We can then set up our first AlphaFold run. First, create the output directory (here called "myrun) inside your alphafold_runs folder
mkdir /data/username/alphafold_runs/myrun
then prepare your fasta file in your user directory.
Then execute alphafold. For multimers:
python docker/run_docker.py --fasta_paths=/path/to/my/fasta/myfasta.fasta --output_dir=/path/to/myrun --model_preset=multimer --max_template_date=2022-11-01 --data_dir=/data/software/dbs/ --gpu_devices=0 --num_predictions_per_model=2 --run_relax=False
For monomers
python docker/run_docker.py --fasta_paths=/path/to/my/fasta/myfasta.fasta --output_dir=/path/to/myrun --model_preset=monomer_ptm --max_template_date=2022-11-01 --data_dir=/data/software/dbs/ --gpu_devices=0 --run_relax=False
As explained in the help, run_relax enables final relaxation. This adjusts some side chain positions and fixes some steric clashes. it can add a lot of hours to your predictions, and i would disable it unless you plan to run something "final"
The number in gpu_devices refers to a specific gpu. Use gpu_devices=0,1 for example to use both gpu 0 and gpu 1.
Adjust templating behaviour by changing max_template date.
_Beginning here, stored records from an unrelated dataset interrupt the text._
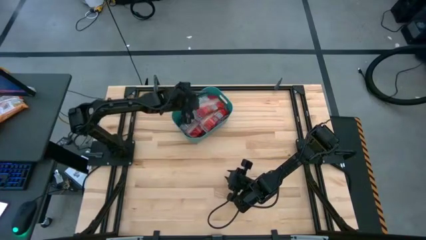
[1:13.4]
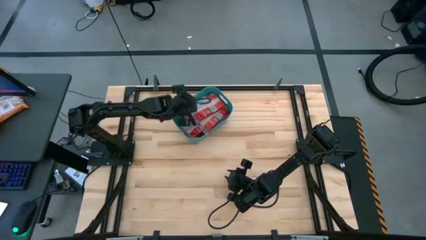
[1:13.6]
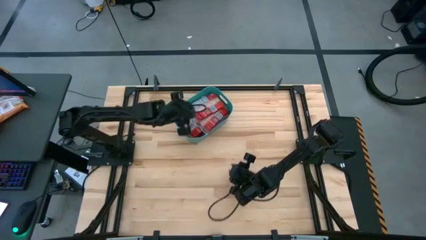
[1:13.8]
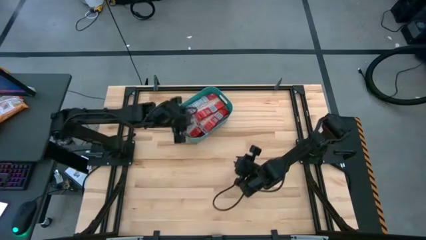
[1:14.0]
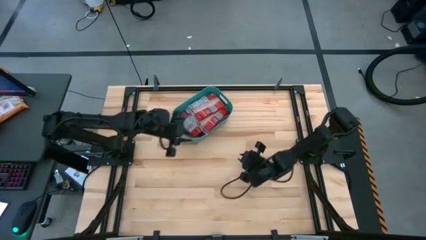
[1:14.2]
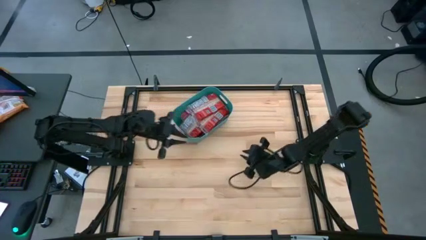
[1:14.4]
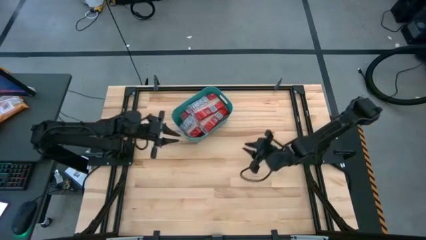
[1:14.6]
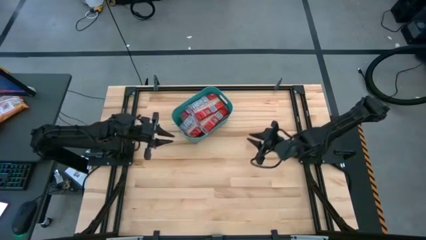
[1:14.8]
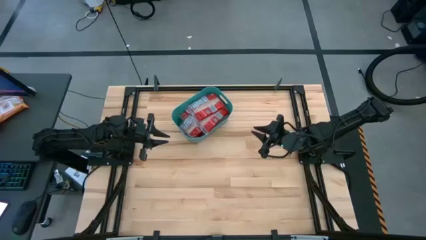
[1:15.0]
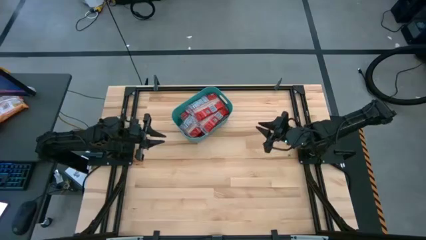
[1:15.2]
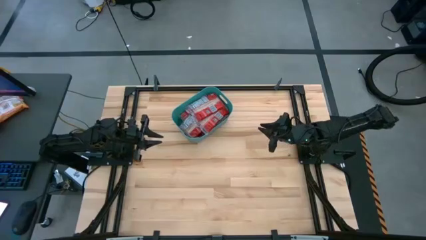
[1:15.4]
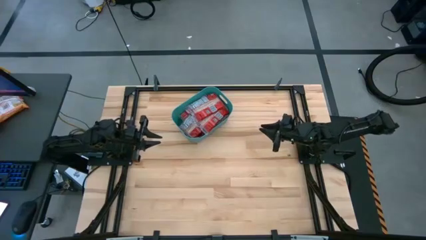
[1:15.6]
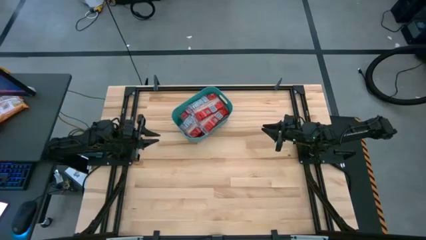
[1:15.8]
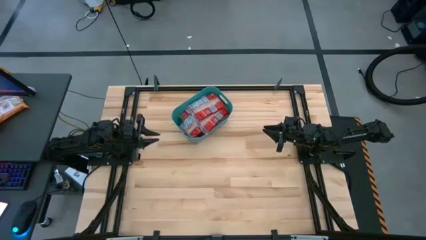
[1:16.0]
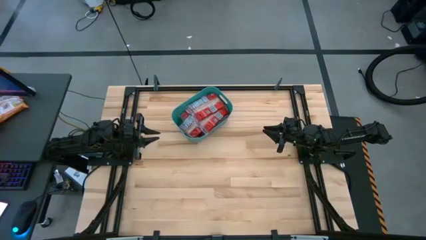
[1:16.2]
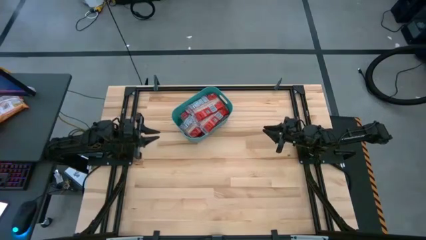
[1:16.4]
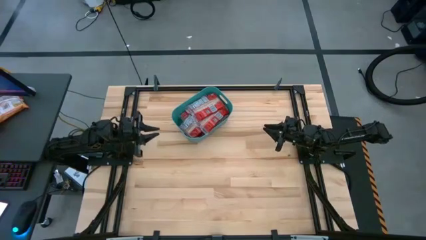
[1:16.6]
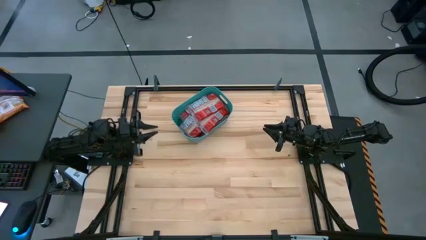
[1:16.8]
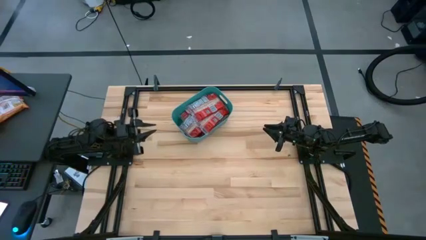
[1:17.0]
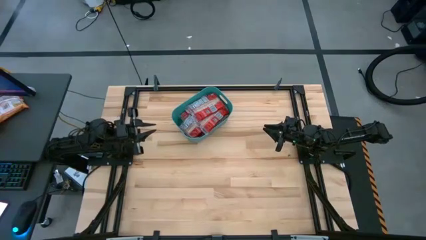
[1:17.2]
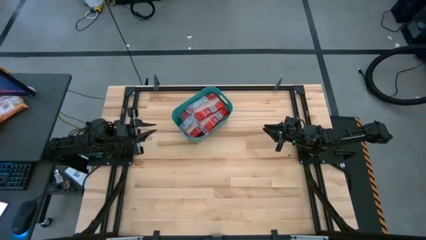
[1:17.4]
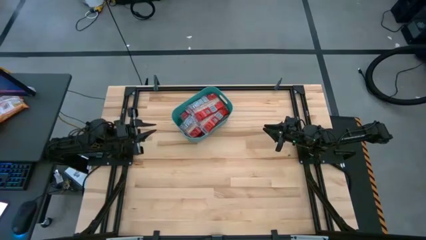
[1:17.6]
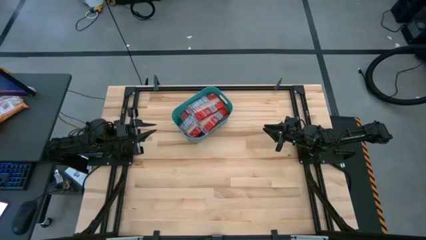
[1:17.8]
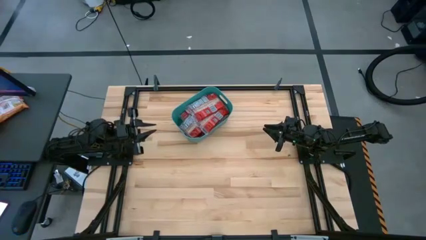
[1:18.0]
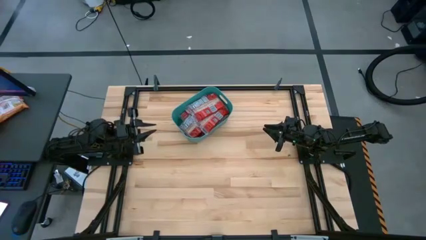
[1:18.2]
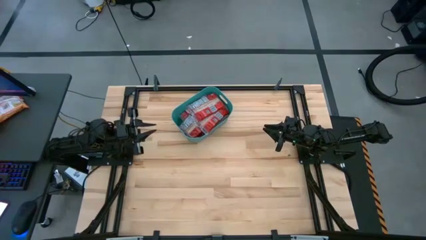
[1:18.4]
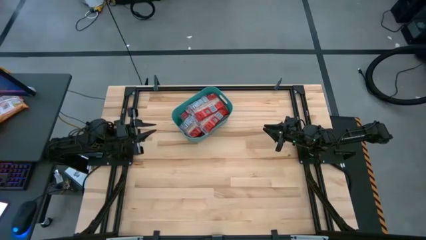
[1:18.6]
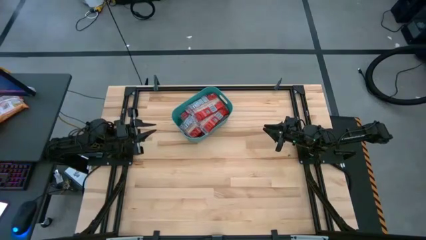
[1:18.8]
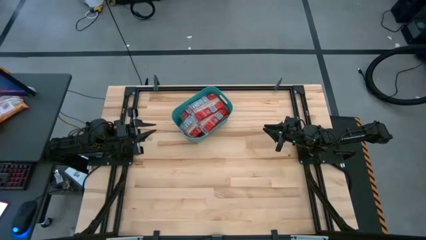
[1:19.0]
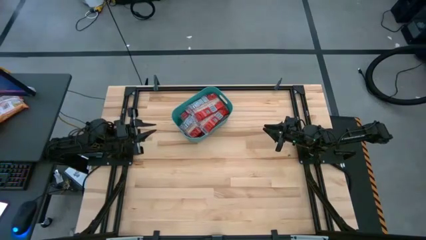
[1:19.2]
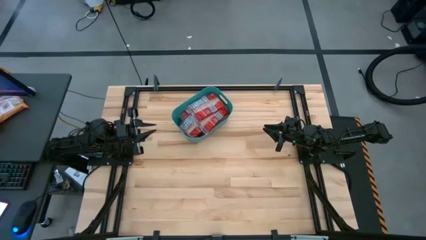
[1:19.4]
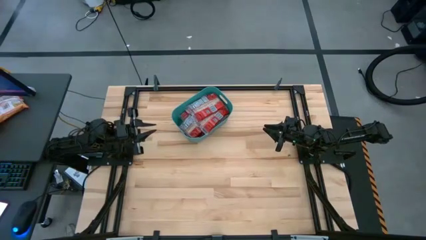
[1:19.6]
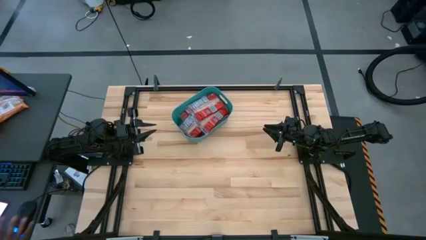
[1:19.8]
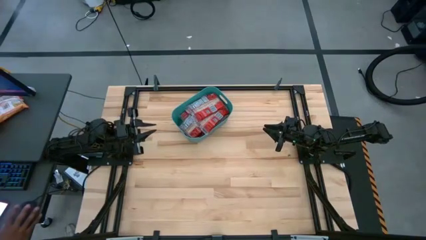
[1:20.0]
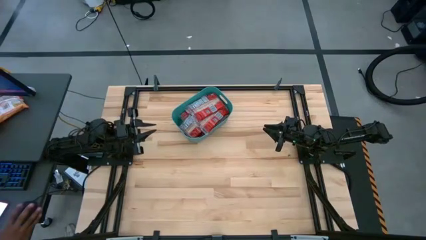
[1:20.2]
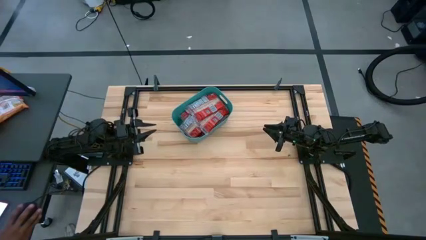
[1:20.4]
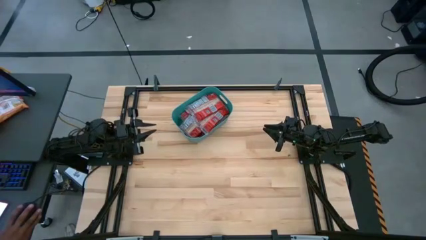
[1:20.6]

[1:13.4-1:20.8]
Task: Sort popcorn bags into baskets
Return to Home Position

In /data/software there is also a set of scripts to plot and analyse the alphafold run called AlphaFold-analysis. The usage instructions for that are here. You may need to install biopython by doing
conda install -c conda-forge biopython
in your alphafold anaconda environment. Once you put your .fasta file in your results directory, you can run the analysis by doing
python plot_AF_all.py
and you'll obtain a file with statistics, and plots for PAE and pLDDT. You can also make figures of the structure colored by pLDDT as described in the alphafold analysis instructions.